August 21st, 2003, 10:49 AM
I would like to know, why it is considered to be a vulnerability if a firewall/host responds to a SYN/FIN packet?
Could someone please explain?
Thanks very much!
August 21st, 2003, 11:01 AM
Take a peek at the steps in a normal TCP/IP connection. There are many posts here on it and even a tutorial. Basically, to start this connection, you send a SYN packet to the machine you want to connect to. That machine sends back a SYN/ACK packet (these are flags). Your machine then sends an ACK packet back and the connection is now established. Once you are done, the FIN flag is sent to tear down the connection in a clean fashion.
Now, there is a very specific order to how, where and when flags are set and send. If your machine/firewall or anything else with a TCP/IP stack responds out of order or in a way not consistant with the corresponding RFC, it is a sign that the device may be vulnerable.
That's it in a nutshell. I tried to keep this basic so that you could follow the logic. Does this help you out?

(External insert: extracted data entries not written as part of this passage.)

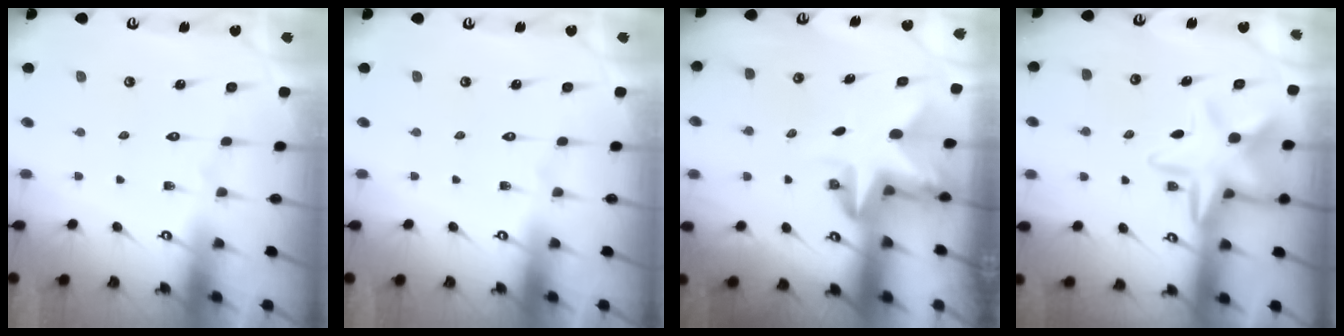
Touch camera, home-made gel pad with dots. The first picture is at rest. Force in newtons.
{"total": 0.0}
{"total": 3.1, "press": 3.0, "slide": 0.5}
{"total": 10.9, "press": 10.8, "slide": 1.7}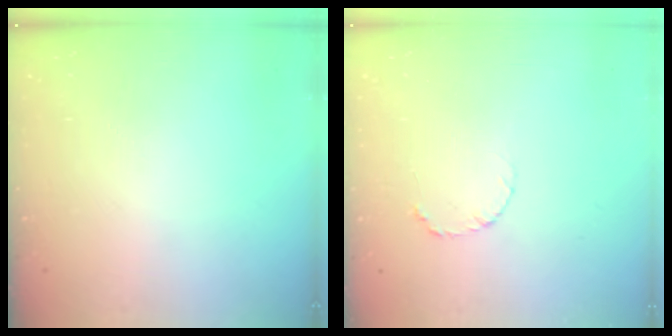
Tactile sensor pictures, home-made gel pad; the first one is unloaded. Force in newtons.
{"total": 3.9, "press": 3.8, "slide": 0.5}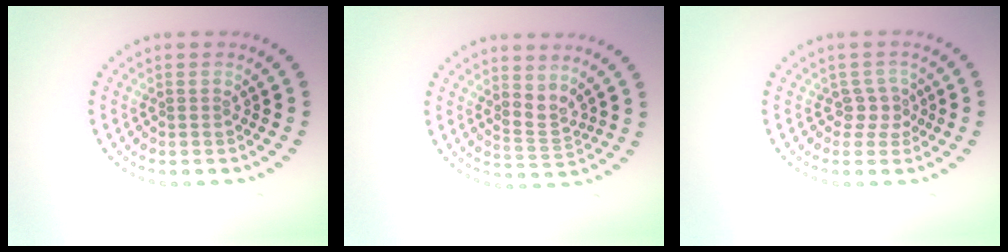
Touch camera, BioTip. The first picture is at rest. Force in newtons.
{"total": 2.1, "press": 1.5, "slide": 1.5}
{"total": 1.9, "press": 1.4, "slide": 1.2}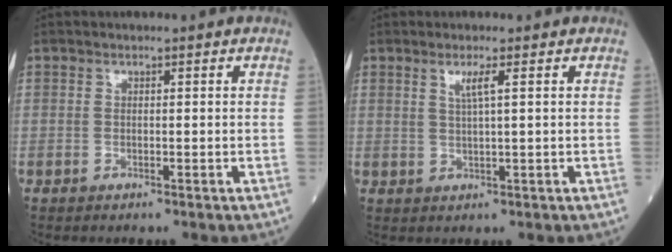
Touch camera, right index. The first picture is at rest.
{"total": 2.4, "force": [1.0, -0.4, 2.2], "torque": [-0.044, -0.001, 0.020]}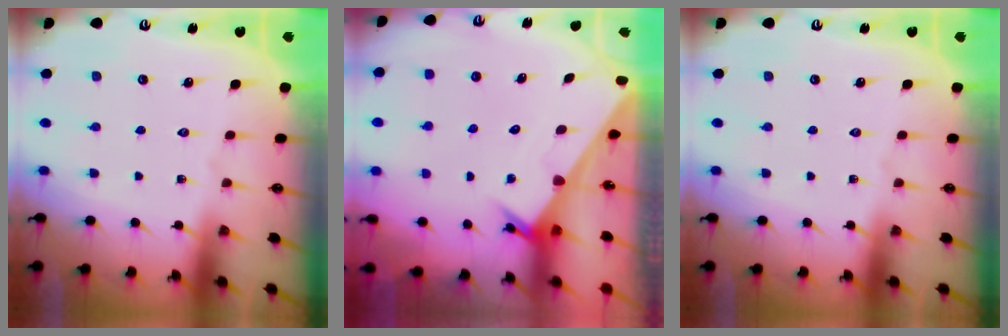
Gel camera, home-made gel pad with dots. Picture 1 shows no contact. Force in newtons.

If you want the entire nitty gritty on this, visit this link on the MS site. It will show you a captured session of a TCP/IP three way handshake.
Our scars have the power to remind us that our past was real. -- Hannibal Lecter.
Talent is God given. Be humble. Fame is man-given. Be grateful. Conceit is self-given. Be careful. -- John Wooden
August 21st, 2003, 11:36 AM
that was super! Thanks for your explanation :-)
August 21st, 2003, 03:54 PM
but these OSes not following the RFCs are a blessing to the hacker community. testing small (and most of the time not important) differences in the stack is known as a tcp/ip fingerprinting. NMAP!!!!!